Role of the Anti-Federalists
Calvin Johnson
CJohnson at law.utexas.edu
Tue Oct 18 13:43:50 PDT 2005
I don't buy it, although there is nothing wrong in the abstract
with your argument. When Madison put his amendments together, the only
states that had not ratified were North Carolina and RI. RI was hated,
the despicable little corner of the Continent that had done more damage
to the Union than the whole state was worth. Not much would be given to
RI. NC needed something called a BR, but it did not need to be much,
because it was not. Both NC and RI would be brought in with the stick,
threatening to treat goods from RI and NC as alien source and subject to
the new federal 5% tariff. They were not going to get much of a carrot.
The BR is such trivia, in the perceptions of the time, such a sop. Mason
is right that it is a FARCE. The important one is criminal jury, which
the C already protected without any amendment.

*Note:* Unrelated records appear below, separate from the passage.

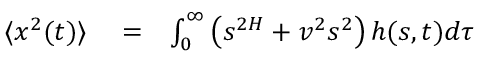
\begin{array} { r l r } { \langle x ^ { 2 } ( t ) \rangle } & { { } = } & { \int _ { 0 } ^ { \infty } \left( s ^ { 2 H } + v ^ { 2 } s ^ { 2 } \right) h ( s , t ) d \tau } \end{array}
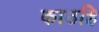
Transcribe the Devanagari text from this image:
काठहि
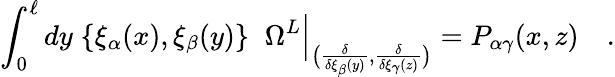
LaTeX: \int_{0}^{\ell}dy\; \{ \xi_{\alpha}(x),\xi_{\beta}(y)\} \; \; \Omega^{L}\Big|_{\big({\frac{\delta}{\delta\xi_{\beta}(y)}},{\frac{\delta}{\delta\xi_{\gamma}(z)}}\big)}=P_{\alpha\gamma}(x,z)\quad.
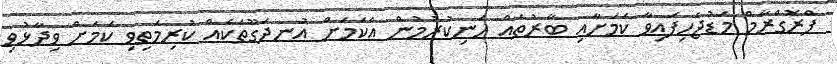
ޕްރޮގްރާމް މަޑުޖެހިފައިވާ ކަމަށާއި ބާރުތައް ހަނިކުރުމުން އެކަމަށް އުނދަގޫތަކެއް ކުރިމަތިވި ކަމަށް ވިދާޅުވި
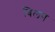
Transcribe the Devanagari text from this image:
बिलग
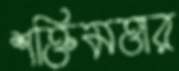
শক্তিমত্তার
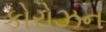
કોરોઝન
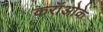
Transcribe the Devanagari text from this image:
करॉओके
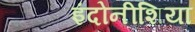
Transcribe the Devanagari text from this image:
इंदोनीशिया
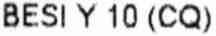
BESI Y 10 (CQ)
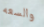
والسعه
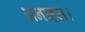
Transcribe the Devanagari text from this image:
अनाहत।
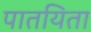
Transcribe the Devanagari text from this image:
पातयिता
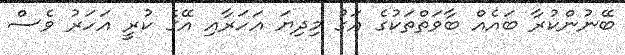
ބޭނުންކުރާ ބައެއް ބާވަތްތަކުގެ އަގު މިދިޔަ އަހަރާއި އޭގެ ކުރީ އަހަރު ވެސް
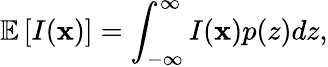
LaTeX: \mathbb{E}\left[I(\mathbf{x})\right]=\int_{-\infty}^{\infty}I(\mathbf{x})p(z)dz,
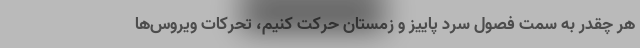
هر چقدر به سمت فصول سرد پاییز و زمستان حرکت کنیم، تحرکات ویروس‌ها
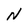
Character: N
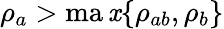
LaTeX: \rho_{a}>\operatorname*{ma\mathit{x}}\{ \rho_{ab},\rho_{b}\}
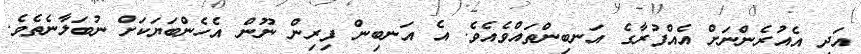
އަދި އެއުރެންނަށް އެއްފުރާގެ އަނބިންތައްވެއެވެ. އެ އަނބިން ފިރިން ނޫން އެހެންބަޔަކަށް ނުބަލާނެތެވެ.
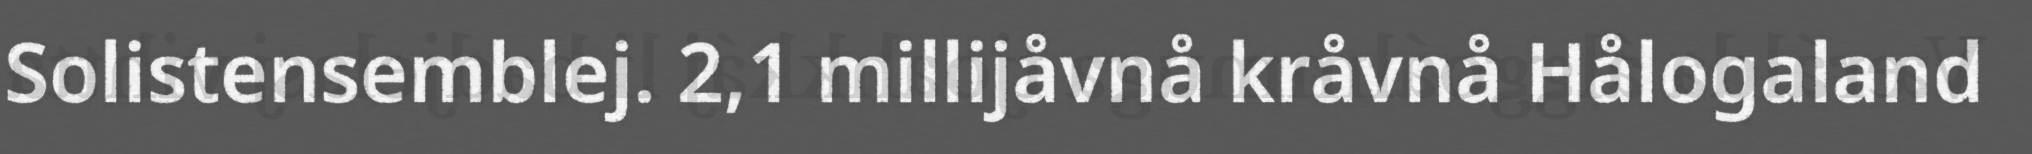
Solistensemblej. 2,1 millijåvnå kråvnå Hålogaland
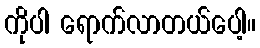
ကိုပါ ရောက်လာတယ်ပေါ့။
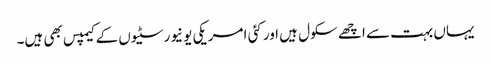
یہاں بہت سے اچھے سکول ہیں اور کئی امریکی یونیورسٹیوں کے کیمپس بھی ہیں۔
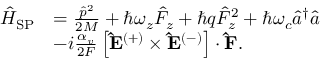
\begin{array} { r l } { \hat { H } _ { \mathrm { S P } } } & { = \frac { \hat { p } ^ { 2 } } { 2 M } + \hbar \omega _ { z } \hat { F } _ { z } + \hbar q \hat { F } _ { z } ^ { 2 } + \hbar \omega _ { c } \hat { a } ^ { \dagger } \hat { a } } \\ & { - i \frac { \alpha _ { v } } { 2 F } \left[ \mathbf { \hat { E } ^ { ( + ) } } \times \mathbf { \hat { E } } ^ { ( - ) } \right] \cdot \mathbf { \hat { F } } . } \end{array}
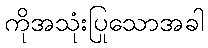
ကိုအသုံးပြုသောအခါ
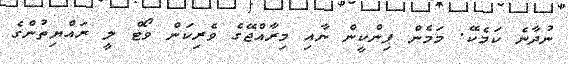
ނުދާނެ ކަމެކޭ. މަމެން ޕިންކީން ނާއި މިރާއްޖޭގެ ވެރިކަން ވޯޓް ލީ ރައްޔިތުންގެ
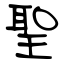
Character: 聖
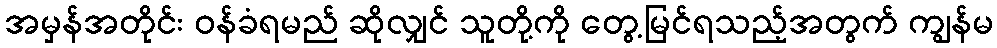
အမှန်အတိုင်း ဝန်ခံရမည် ဆိုလျှင် သူတို့ကို တွေ့မြင်ရသည့်အတွက် ကျွန်မ
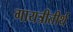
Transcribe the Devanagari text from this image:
गायत्रीतीर्थ
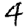
Digit: 4
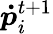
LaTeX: \boldsymbol{{\dot{p}}}_{i}^{t+1}
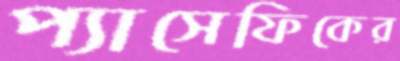
প্যাসেফিকের
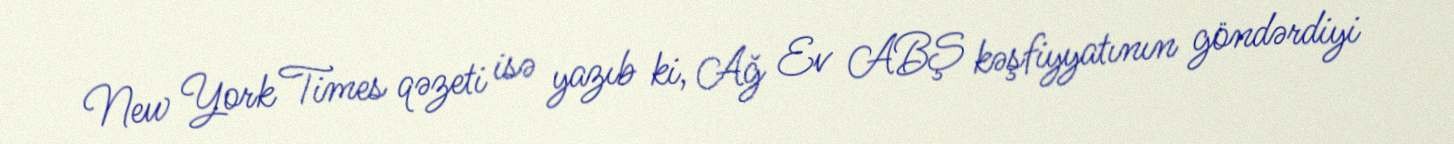
New York Times qəzeti isə yazıb ki, Ağ Ev ABŞ kəşfiyyatının göndərdiyi
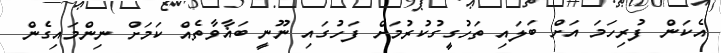
އެކަން ފުރިހަމަ އަށް ބަލައި ތަހުގީގުކުރުމަށް ފަހުގައި ނޫނީ ބަޣާވާތެއް ކަމަށް ނިންމައިގެން
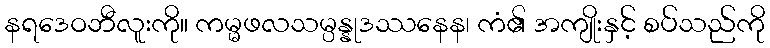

The things added by the
BR to the criminal jury are peripheral, as if somebody was making up
something that had not already been stated. The civil jury just said
whatever is the status quo (and we do not have the foggiest what is the
status quo given equity/law distinction and maritime no jury rules)
shall remain the status quo forever -- a terrible idea.
It is also plausible that Madison wrote the BR to please Mason,
who had been a friend and ally . They tried to buy him in again by
buying his land to make the DC. Mason was not convinced and he remained
an enemy of the Constituion until Madison turned against Hamilton.
The Anti-Fedrealists take the position that the BR is a sop, a
tub thrown out to distract a whale, a farce, with none of the meaty
provisions protecting state power that the Afs demand.
If you are going to treat AF interpretations as illuminating, at
least read what they say about the BR.
Calvin H. Johnson
Andrews & Kurth Centennial Professor of Law
The University of Texas School of Law
727 E. Dean Keeton (26th) St.
Austin, TX 78705
(512) 232-1306 (voice)
FAX: (512) 232-2399
Website: http://www.utexas.edu/law/faculty/cvs/chj7107_cv.pdf
For reviews, chapters, discounts and news on Johnson, Righteous Anger at
the Wicked States: The Meaning of the Founders Constitution (Cambridge
University Press 2005) see
http://www.utexas.edu/law/faculty/calvinjohnson/RighteousAnger/
-----Original Message-----
From: Andy Siegel [mailto:siegel at law.law.sc.edu]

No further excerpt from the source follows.